Further research is also needed to understand why participants on a UPF diet lost weight (when previous research suggested they wouldn’t) – let alone an average of 1% over eight weeks.
What the findings mean for industry and consumers Researchers suspect that the UPF group lost weight because for that eight-week period, participants were following the Eatwell Guide.

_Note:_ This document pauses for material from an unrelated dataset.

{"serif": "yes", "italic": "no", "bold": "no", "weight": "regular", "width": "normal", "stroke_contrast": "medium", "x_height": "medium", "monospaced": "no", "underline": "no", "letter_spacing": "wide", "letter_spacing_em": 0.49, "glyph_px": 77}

Before starting the trial, participants tended to fall outside national nutritional guidelines and consumed an “above average” proportion of UPF, explains senior author and professor Rachel Batterham from the UCL Centre for Obesity Research.
And so what’s the recommendation? According to Batterham, the best advice for consumers is to stick as closely to nutritional guidelines as they can by moderating overall energy intake, limiting intake of salt, sugar and saturated fat, and prioritising high-fibre foods such as fruits, vegetables, pulses and nuts.
The researchers recommend consumers prioritise high fibre foods, like pulses. (Image: Getty/Janine Lamontagne) The professor also suggests consumers choose less processed options such as whole foods and cook from scratch, rather than ultra-processed foods or ready meals.
For industry, the challenge is to meet these evolving expectations. Reformulating products to reduce salt, sugar and saturated fat while increasing fibre is one route. Another is to embrace the minimally processed trend and innovate accordingly.
Whether through reformulation or reinvention, the goal remains the same: to support healthier choices and better outcomes.